Git-annex also comes with a built-in webserver that displays the current repositories and sync status. It also includes some configuration tools for making new remotes and repositories, though it lacks support for git-annex-remote-b2 and git-remote-gcrypt.

You can run it with

git annex webapp
The git-annex webapp.
The git-annex webapp.

Or, for desktop sessions that support it, the Debian package adds an entry to your application menu that runs this.

Additional Configuration

We can use the webapp to configure a few more options.

Consistency Checks

In the “configuration” tab, we can choose to enable consistency checks. These use git annex schedule to run git annex fsck periodically.

You can see how this happens under the hood by running

$ git annex schedule .

which should give something like

fsck self 1h weeks divisible by 2 at 1 AM

Standard Groups

Git-annex has some built-in settings for “preferred content”. Preferred content settings tell git-annex what content to automatically sync or get.

I placed my local repository in the “client” group, and my B2 special remote in the “full backup” group.

Placing a repository in a group sets the “wanted” option to “standard”, and applies the group.

$ git annex wanted .    # should output 'standard'
$ git annex wanted b2   # should output 'standard'
$ git annex group .     # should output 'client'
$ git annex group b2    # should output 'backup'

For more technical details, see the git annex help man pages for wanted, group, and preferred-content.

Restoring

You can’t trust a backup until you’ve successfully restored from it.

$ cd ~/tmp
$ git clone gcrypt::ssh://git-codecommit.us-east-1.amazonaws.com/v1/repos/annex-music
$ git annex enableremote b2
$ git annex get --from b2 'adele/21/01 rolling in the deep.flac'
get adele/21/01 rolling in the deep.flac (from b2...) 
(checksum...) ok        
(recording state in git...)

What Does the Cloud See?

Backblaze gets some rough information on post-compression file size, somewhat obscured by chunking.

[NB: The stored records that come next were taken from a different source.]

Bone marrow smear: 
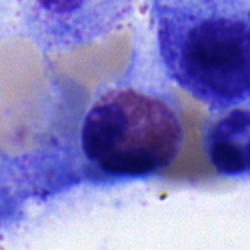The cell shown is an eosinophilic granulocyte.
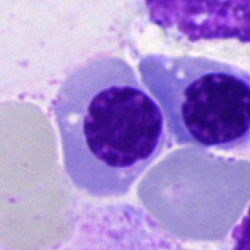 Specimen: bone marrow aspirate smear.
Cell: erythroblast.
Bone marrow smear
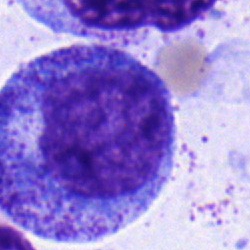 The cell type is promyelocyte.
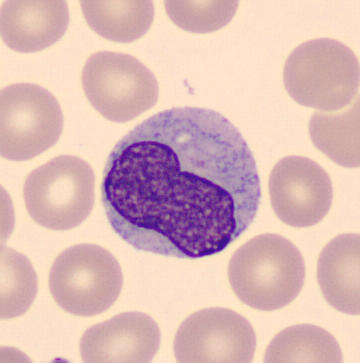 Peripheral blood smear. Single cell identified as a monocyte.
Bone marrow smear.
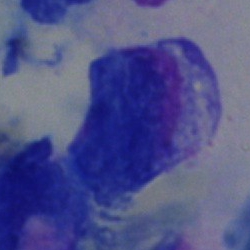 Impression — artifact.

Depending on use, they may also get some minor information on file access patterns.

File names are hashed and contents are encrypted.
File names are hashed and contents are encrypted.

AWS gets even less: encrypted git objects. This may reveal the rough size of the repository, and some usage patterns.

AWS gets encrypted git objects.
AWS gets encrypted git objects.

Conclusions

Git-annex is an impressive piece of software. However, it’s excellent customization comes at great cost. Non-standard configurations, like mine with B2 and git-remote-gcrypt can add a lot of complexity. The extensive documentation helps here, but is hindered by occasional issues, like the AWS CodeCommit and ssh caching bug I faced.2

The webapp and assistant make a lot of sense in trying to simplify the process by satisfying simpler more straightforward use-cases, papering over some of the complexities underneath. Unfortunately, the moment you veer off that path, it feels like learning git all over again.

I’m interested to see how git-annex evolves.


  1. This required hours of sleuthing and some reading of git-annex’s source code to figure out.

  2. Technically I think this is AWS’ fault, but it still hurts the usability.

The views expressed on this site are my own and do not reflect those of my employer.